HA-Proxy version 1.7.0-e59fcdd 2016/11/25
Copyright 2000-2016 Willy Tarreau willy@haproxy.org

Build options :
TARGET = linux2628
CPU = generic
CC = gcc
CFLAGS = -O2 -g -fno-strict-aliasing -Wdeclaration-after-statement
OPTIONS = USE_ZLIB=1 USE_OPENSSL=1

Default settings :
maxconn = 2000, bufsize = 16384, maxrewrite = 1024, maxpollevents = 200

Encrypted password support via crypt(3): yes
Built with zlib version : 1.2.7
Running on zlib version : 1.2.7
Compression algorithms supported : identity(“identity”), deflate(“deflate”), raw-deflate(“deflate”), gzip(“gzip”)
Built with OpenSSL version : OpenSSL 1.0.1e 11 Feb 2013
Running on OpenSSL version : OpenSSL 1.0.1e 11 Feb 2013
OpenSSL library supports TLS extensions : yes
OpenSSL library supports SNI : yes
OpenSSL library supports prefer-server-ciphers : yes
Built without PCRE support (using libc’s regex instead)
Built without Lua support
Built with transparent proxy support using: IP_TRANSPARENT IPV6_TRANSPARENT IP_FREEBIND

Available polling systems :
epoll : pref=300, test result OK
poll : pref=200, test result OK
select : pref=150, test result OK
Total: 3 (3 usable), will use epoll.

Available filters :
[COMP] compression
[TRACE] trace
[SPOE] spoe

This is a log entry for a failed upload:

Dec 8 02:01:14 localhost haproxy[1791]: 139.162.56.133:33638 [08/Dec/2016:02:01:12.807] api_farm~ bk_api/ufsrv0 0/0/1/-1/1204 502 204 - - SH-- 0/0/0/0/0 0/0 {} {} “PUT /V1/Account/Attachment/8de29bf901bcb895c3a287821 HTTP/1.1”

Config file:

global
stats socket /var/run/haproxy.sock mode 600 level admin
stats timeout 2m
log 127.0.0.1 local0
maxconn 10024
tune.ssl.default-dh-param 2048
tune.maxrewrite 1024
tune.bufsize 17408 #16k+1k
debug

defaults
log global
mode http
option http-server-close
option httplog
option tcplog
option dontlognull
retries 3
option redispatch
option contstats
option forwardfor
timeout client 60s
timeout connect 5s
timeout server 60s
timeout tunnel 3600s
timeout http-keep-alive 1s
timeout http-request 60s
timeout queue 30s
timeout tarpit 60s

frontend ufsrvapi_farm
bind *:20080 ssl crt /opt/etc/ssl/xxxxx.pem
mode http
option httplog
capture cookie session len 100
capture request header X-UFSRVCID len 64
capture response header X-UFSRVCID len 64
default_backend bk_ws
stats enable
stats uri /haproxy_ufsrvapi
stats refresh 30s

stats auth admin:admin

    default_backend bk_ufsrvapi

backend bk_ufsrvapi
mode http
balance roundrobin

    server ufsrv0 127.0.0.1:20081 weight 10 check
    server ufsrv1 127.0.0.1:20082 weight 10 check

Or is it the other way around? The application is eager to read(), the kernel has no data on this socket yet, and the application erroneously terminates the connection? How does the application wait for data before read()ing?

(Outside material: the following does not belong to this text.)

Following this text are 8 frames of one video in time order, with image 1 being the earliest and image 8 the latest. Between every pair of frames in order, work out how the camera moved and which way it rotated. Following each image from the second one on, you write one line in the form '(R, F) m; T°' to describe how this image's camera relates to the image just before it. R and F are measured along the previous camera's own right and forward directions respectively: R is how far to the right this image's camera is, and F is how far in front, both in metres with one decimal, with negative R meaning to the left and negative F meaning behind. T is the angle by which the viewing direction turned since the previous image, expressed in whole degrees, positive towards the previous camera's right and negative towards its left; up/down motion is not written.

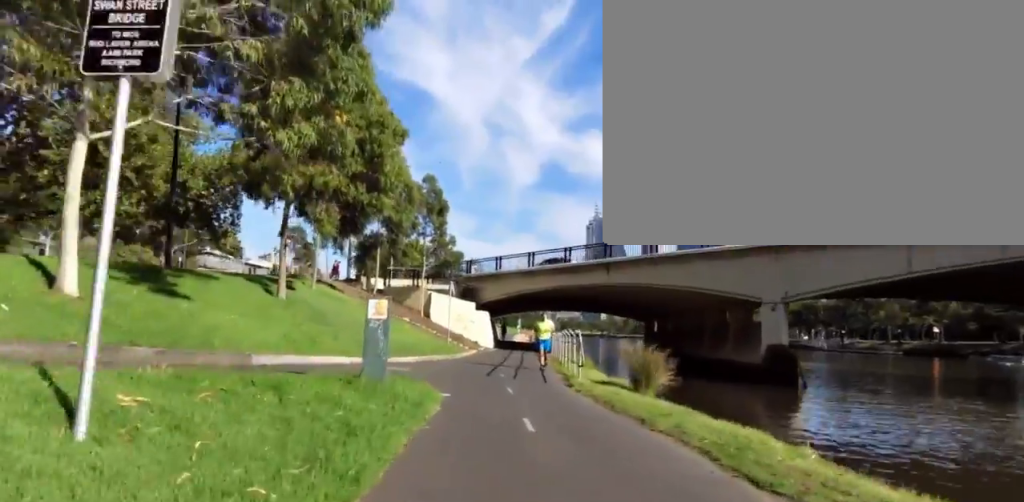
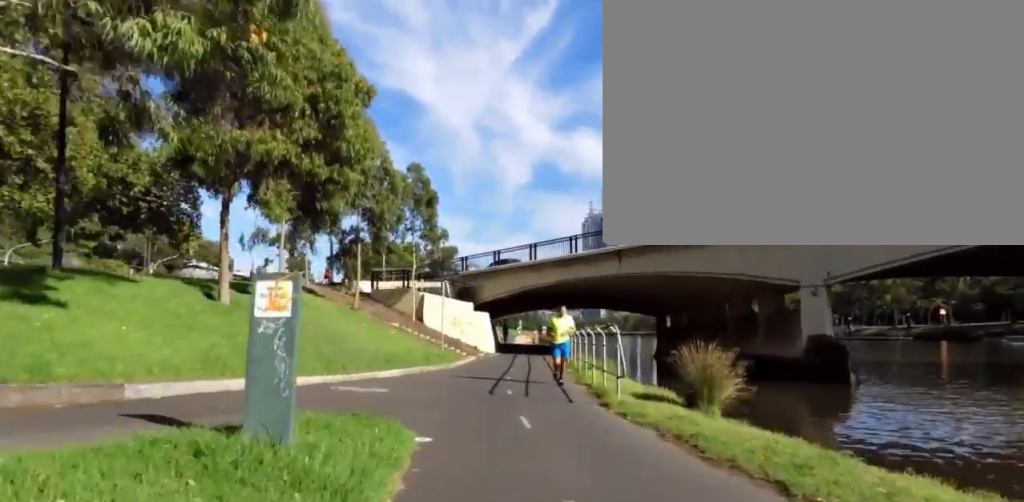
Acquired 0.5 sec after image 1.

SH translates to this (see doc [1]):

The server aborted before sending its full HTTP response headers, or
it crashed while processing the request. Since a server aborting at
this moment is very rare, it would be wise to inspect its logs to
control whether it crashed and why. The logged request may indicate a
small set of faulty requests, demonstrating bugs in the application.
Sometimes this might also be caused by an IDS killing the connection
between haproxy and the server.

I strongly suggest to triple check that read() handling in the application.

[1] HAProxy version 1.7.14 - Configuration Manual

Thanks for your perspective, especially the link to the document. At this stage I have ruled out haproxy as being the culprit, but I am yet to figure out why I am getting zero reads. The server doesn’t crash or anything just occasionally reads zero prematurely on otherwise non blocking sockets.

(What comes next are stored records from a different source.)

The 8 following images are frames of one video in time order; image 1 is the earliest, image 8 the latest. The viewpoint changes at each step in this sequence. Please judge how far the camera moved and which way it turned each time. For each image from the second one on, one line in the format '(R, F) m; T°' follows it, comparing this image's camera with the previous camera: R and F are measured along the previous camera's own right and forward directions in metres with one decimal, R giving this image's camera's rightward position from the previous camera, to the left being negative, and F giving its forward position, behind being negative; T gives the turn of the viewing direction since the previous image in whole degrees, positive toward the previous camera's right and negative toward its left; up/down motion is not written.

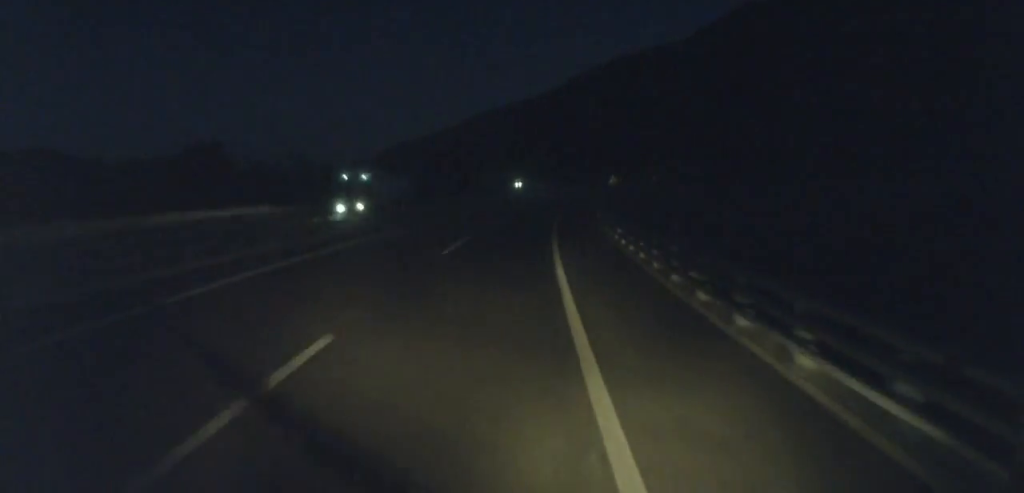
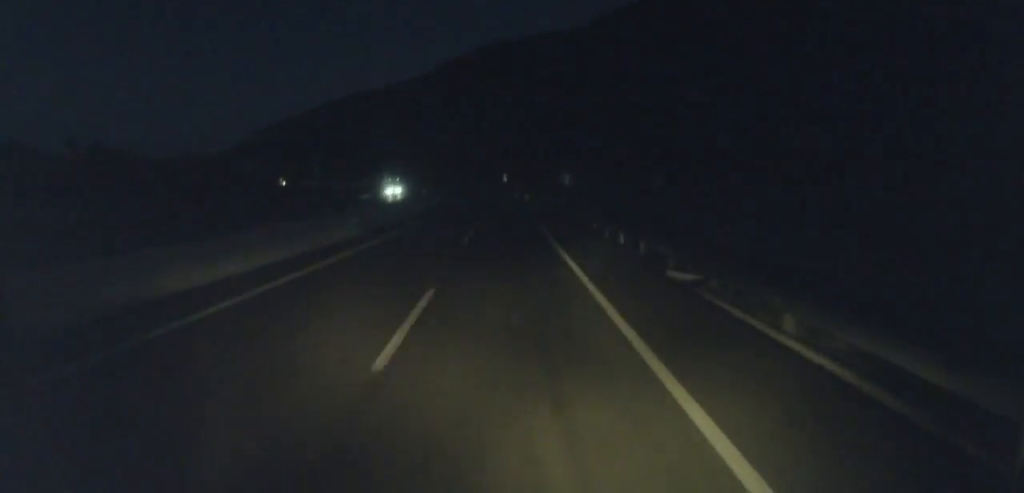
(+14.2, +110.8) m; +10°
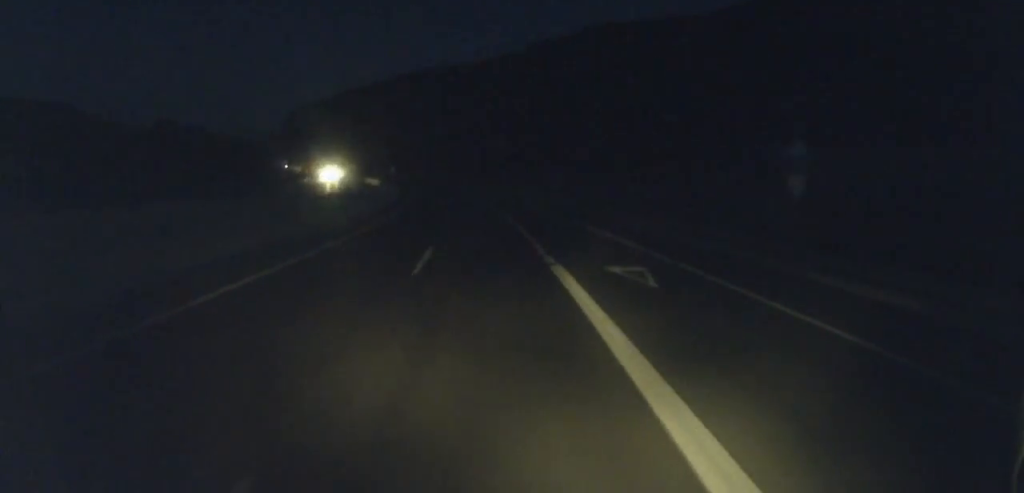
(+4.4, +131.8) m; -3°
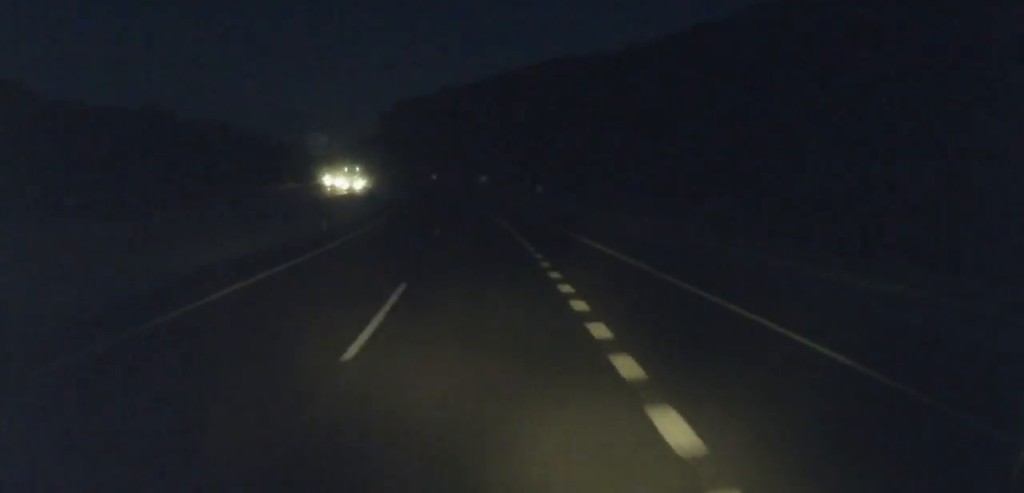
(-10.2, +111.8) m; -12°
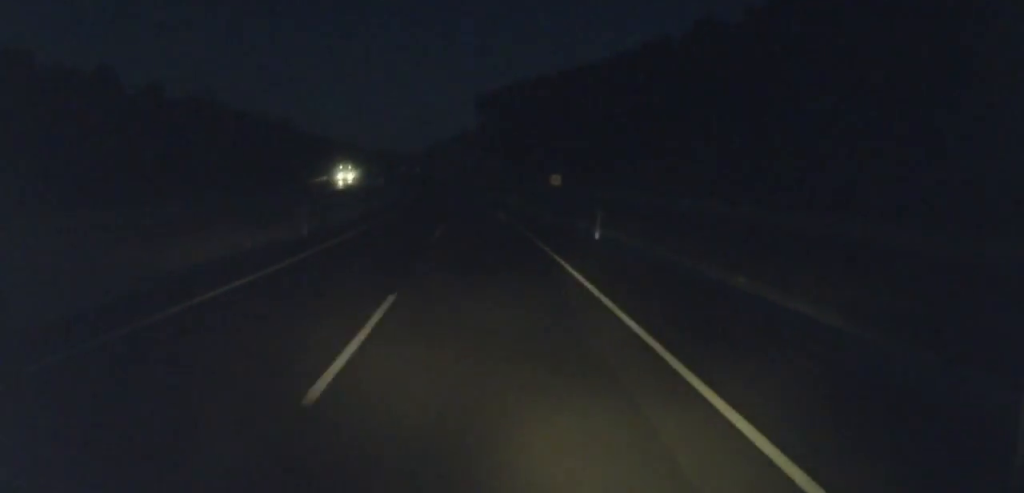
(-10.2, +104.2) m; -11°
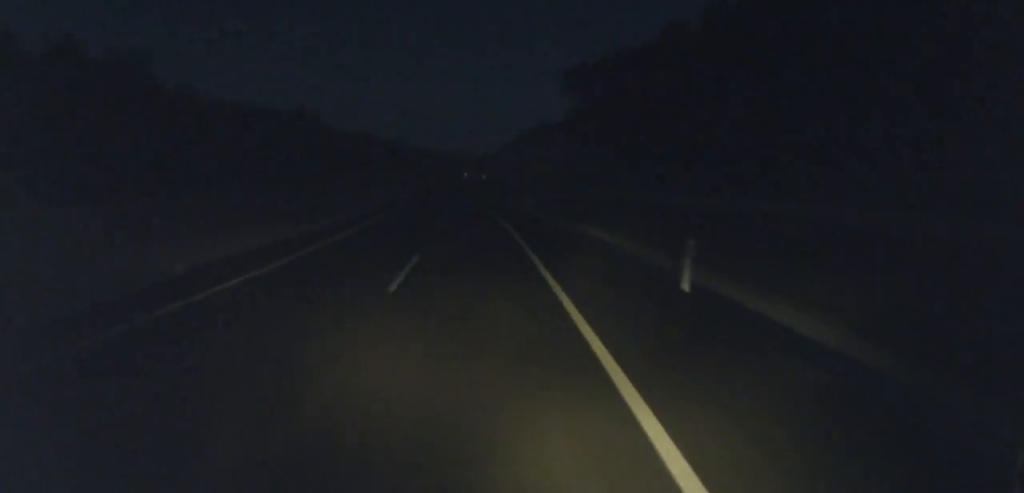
(-6.1, +78.2) m; -8°
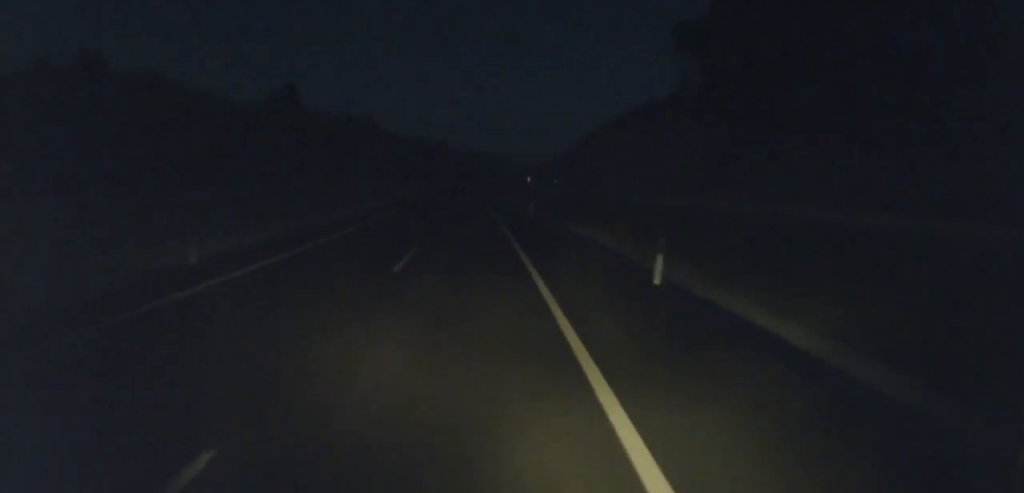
(-3.5, +65.1) m; -5°
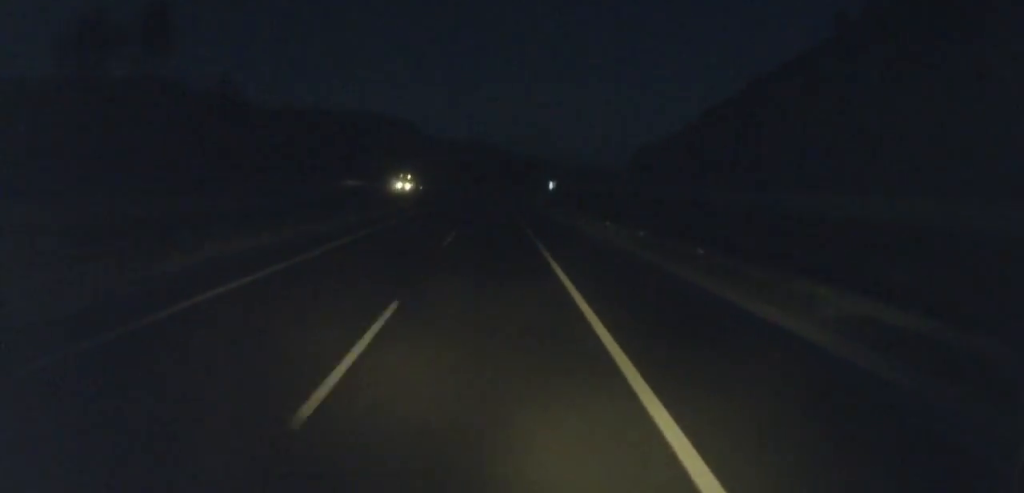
(-4.3, +78.5) m; -4°

Curiously, I did a tcpdump trace and the client (curl in this instance) was not initiating close when the server read zero. I did that whilst the server was under the instrumentation of valgrind to ensure there was no funny memory business affecting the internals of the server. I think I am in for some painful debugging on this one.

You probably want to run your application through strace, that will help understanding what happens on a system call level.